介权目不转睛地盯着她,眸光有一丝了然与容忍,“我可以接受你闹脾气,但是我不喜欢你过度考验我的耐性?”
蜜蜜差点又冲动地大叫起来,“你这个自以为是又天杀的男人……”
他脸色沉了下来,“蜜蜜,我说过了,你该记得你是个女人,起码要保持最基本的礼貌。”
她知道他最讨厌女孩子坐没坐相、吃没吃样,又口吐粗鲁秽言,在他的心目中,对女人自有一个高标准的完美模式。
而她……曾经好努力好努力地逼迫自己赶上他的标准,要做得好上加好,要达到他的要求,千万不要让他讨厌、不喜欢。
蜜蜜突然觉得无比疲倦,她挥了挥手,无力地走到一张织锦沙发前坐下。
“介权,我是跟你说真的。”她没有看他,双手环抱着曲起的双腿,瞪视着赤裸小巧的脚趾头。“我们分手吧。”
他沉默了半晌,低沉缓慢地开口,“为什么?”
“我配不上你。”她回答得极快,像是早已反复练习过这个答案了。
果不其然,他皱起了眉头。“不要对我说连续剧里的老台词。”
“那不是台词。”她眉毛一扬,又想生气了,但她极力克制下来。“你这颗比水泥墙还固执的脑袋究竟可不可以接受别人的想法?还是我们每一次都要各说各话真永远也没有交集?”
“蜜蜜……”他温柔的唤着她,蜜蜜控制不住心跳加速。“你不喜欢和我在一起吗?”
她眼眶泛起一股热浪——怎么会不喜欢?她就是太喜欢了,喜欢到不可自拔的危险地步,所以她才要及时抽身,免得到最后跌了个粉身碎骨。
“问题不在这里,我现在和你谈的是我们不适合,我累了,我不想再勉强自己继续下去。

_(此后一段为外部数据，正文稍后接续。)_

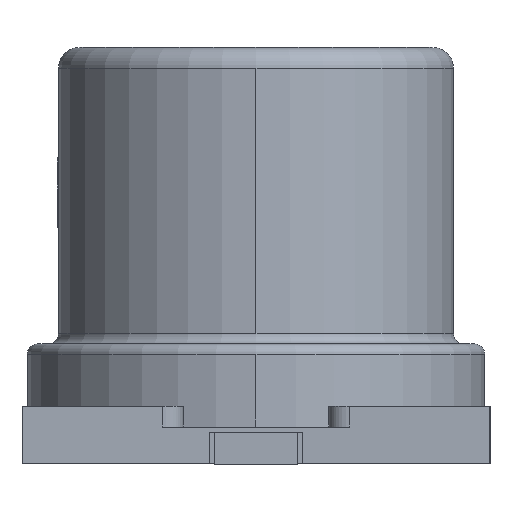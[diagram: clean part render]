
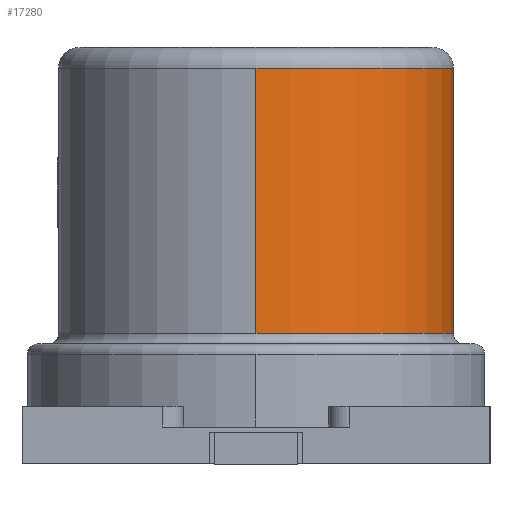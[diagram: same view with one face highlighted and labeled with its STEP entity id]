
A CAD part, left-side view. The second image highlights one B-rep face of the part: STEP entity #17280.
In plain terms, the highlighted cylindrical face has radius 1.9 mm (diameter 3.8 mm), a partial arc.
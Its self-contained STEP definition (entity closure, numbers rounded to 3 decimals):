
#57 = VERTEX_POINT ( 'NONE', #1844 ) ;
#1386 = CARTESIAN_POINT ( 'NONE',  ( -3.1, 0., 18.698 ) ) ;
#1844 = CARTESIAN_POINT ( 'NONE',  ( -5., 0., 3.8 ) ) ;
#1956 = VERTEX_POINT ( 'NONE', #10337 ) ;
#2422 = VECTOR ( 'NONE', #12155, 1000. ) ;
#3241 = AXIS2_PLACEMENT_3D ( 'NONE', #1386, #3985, #12272 ) ;
#3274 = CARTESIAN_POINT ( 'NONE',  ( -3.1, -1.9, 1.25 ) ) ;
#3431 = CIRCLE ( 'NONE', #9133, 1.9 ) ;
#3481 = VERTEX_POINT ( 'NONE', #8004 ) ;
#3785 = AXIS2_PLACEMENT_3D ( 'NONE', #9265, #12132, #17404 ) ;
#3985 = DIRECTION ( 'NONE',  ( 0., 0., -1. ) ) ;
#4106 = EDGE_CURVE ( 'NONE', #1956, #4466, #9641, .T. ) ;
#4466 = VERTEX_POINT ( 'NONE', #3274 ) ;
#4612 = ORIENTED_EDGE ( 'NONE', *, *, #15362, .T. ) ;
#5242 = FACE_OUTER_BOUND ( 'NONE', #8142, .T. ) ;
#5692 = DIRECTION ( 'NONE',  ( 0., 0., -1. ) ) ;
#8004 = CARTESIAN_POINT ( 'NONE',  ( -5., 0., 1.25 ) ) ;
#8142 = EDGE_LOOP ( 'NONE', ( #11417, #4612, #16652, #9206 ) ) ;
#8396 = CARTESIAN_POINT ( 'NONE',  ( -5., 0., 18.698 ) ) ;
#8650 = VECTOR ( 'NONE', #16640, 1000. ) ;
#9133 = AXIS2_PLACEMENT_3D ( 'NONE', #16416, #5692, #15059 ) ;
#9206 = ORIENTED_EDGE ( 'NONE', *, *, #4106, .F. ) ;
#9265 = CARTESIAN_POINT ( 'NONE',  ( -3.1, 0., 1.25 ) ) ;
#9641 = LINE ( 'NONE', #12413, #2422 ) ;
#10337 = CARTESIAN_POINT ( 'NONE',  ( -3.1, -1.9, 3.8 ) ) ;
#11417 = ORIENTED_EDGE ( 'NONE', *, *, #12505, .T. ) ;
#11482 = CIRCLE ( 'NONE', #3785, 1.9 ) ;
#12132 = DIRECTION ( 'NONE',  ( 0., 0., 1. ) ) ;
#12155 = DIRECTION ( 'NONE',  ( 0., 0., -1. ) ) ;
#12272 = DIRECTION ( 'NONE',  ( -1., 0., 0. ) ) ;
#12413 = CARTESIAN_POINT ( 'NONE',  ( -3.1, -1.9, 18.698 ) ) ;
#12505 = EDGE_CURVE ( 'NONE', #1956, #57, #3431, .T. ) ;
#13762 = LINE ( 'NONE', #8396, #8650 ) ;
#14947 = EDGE_CURVE ( 'NONE', #3481, #4466, #11482, .T. ) ;
#15059 = DIRECTION ( 'NONE',  ( 1., 0., 0. ) ) ;
#15362 = EDGE_CURVE ( 'NONE', #57, #3481, #13762, .T. ) ;
#16416 = CARTESIAN_POINT ( 'NONE',  ( -3.1, 0., 3.8 ) ) ;
#16640 = DIRECTION ( 'NONE',  ( 0., 0., -1. ) ) ;
#16652 = ORIENTED_EDGE ( 'NONE', *, *, #14947, .T. ) ;
#17280 = ADVANCED_FACE ( 'NONE', ( #5242 ), #17376, .T. ) ;
#17376 = CYLINDRICAL_SURFACE ( 'NONE', #3241, 1.9 ) ;
#17404 = DIRECTION ( 'NONE',  ( 1., 0., 0. ) ) ;

”她看着他,澄澈的大眼里有着异于年龄的疲惫。“放我走吧,你还有那么多仰慕者,只要你愿意,随时有人顶替我的位置。”
这世上没有谁是不能被取代的,她从他身上深刻地明白了这一点。
介权没有立刻回答,只是走到精致典雅的小吧台边,取过一瓶威士忌旋开瓶盖。
“也给我一杯。”她闷声道。
他瞪了她一眼,“妳未成年不准喝酒。”
“我十九岁了,秋天一到就满二十了。”蜜蜜像所有二十岁以下的女孩一样,迫不及待要证明自己的成熟。